Thirty Years after Mount Pleasant Erupted, a Push for Better Treatment PersistsRoundup
tags: civil rights, immigration, urban history, Washington DC, Latino/a history, Salvadoran Americans, Central Americans
Mike Amezcua is an assistant professor of history at Georgetown University and the author of a forthcoming book on the making of Mexican Chicago (available in 2021 from the University of Chicago Press).
May 5 marks the 30th anniversary of an explosive uprising in the Northwest Washington neighborhood of Mount Pleasant. Although the city’s history of racial conflict is often remembered in connection with events like the 1968 uprising after the assassination of the Rev. Martin Luther King Jr., this event broke out in one of the city’s most diverse neighborhoods, focusing attention on the plight of its Latino residents.
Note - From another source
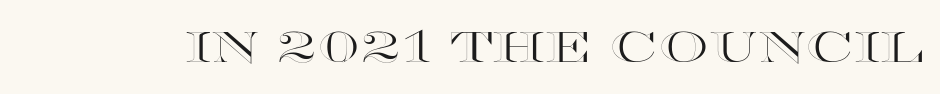
The image shows 44 px wide type, upright; set normal letter spacing, not underlined; a large x-height.
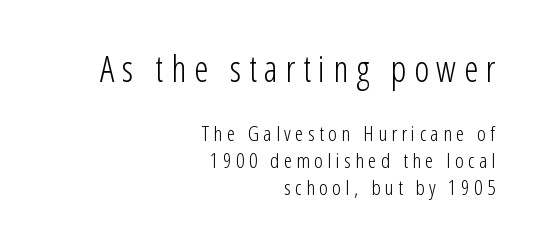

The Mount Pleasant uprising was an important inflection point in the longer history of Central American disenfranchisement in the United States and a pivotal chapter in the Latino civil and human rights movement. The uprising brought the issue of police brutality against Latinos to the attention of the city, as community leaders pointed to the years-long neglect of Latinos by D.C. institutions, agencies and services. Central Americans were seen through one of two prisms: as a threat or as exploitable, but hardly ever as residents who were part of the fabric of the District. The uprising occurred alongside a longer struggle by immigration activists, residents and community leaders who called for local, national and international attention to the crisis experienced by Central American refugees who were escaping civil war in their homelands and simultaneously trying to survive the American city.
Mount Pleasant was a majority-White neighborhood until Black residents began settling there in the mid-20th century. White flight and suburbanization accelerated the trend. However, as early as the 1950s, a small number of Puerto Ricans, Cubans and other Latin Americans who came to work for the federal government found housing opportunities in the community between low-income Black residents to the east and well-to-do White residents to the west. Businesses serving a Spanish-speaking clientele emerged in the 1960s and 1970s.
Then, refugees fleeing civil wars in El Salvador, Guatemala and Nicaragua began arriving, transforming the neighborhood again. They settled there because the prior settlement of Latinos had helped turn Mount Pleasant and Adams Morgan into D.C.’s unofficial barrio. The census showed that D.C.’s Latino population nearly doubled between 1980 and 1990, from 17,679 to 32,710.
The arrival of these Salvadorans and Guatemalans remade Mount Pleasant into a neighborhood of sanctuary, services and cultural affirmation, where one could live as an undocumented Spanish-speaking worker and be among a majority, not a minority. Many found jobs as domestic workers, cooks and service workers, living in overcrowded apartments and pooling their money to pay the rent. Despite these difficult conditions, Central Americans created a space of refuge in the nation’s capital.
Such a refuge was necessary because the Reagan administration made many of these Central Americans ineligible for asylum, thus politicizing their circumstances since they were fleeing authoritarian regimes supported by the United States because of Washington’s Cold War anti-communist aims. Yet their undocumented status left these refugees vulnerable as they contended with systemic racism and racialized policing. Living as undocumented immigrants, Salvadorans and Guatemalans were subjected to relentless deportation raids while working in restaurants, playing on soccer fields or resting at home. This association with illegality carried over to mistreatment by D.C. police, who often viewed Central Americans as less than citizens. Two D.C. journalists examined this sentiment presaging the 1991 uprising, by noting: “Latinos already felt that they were the victims of police harassment.”
This policing created a powder keg of resentment. And then, on May 5, 1991, it erupted.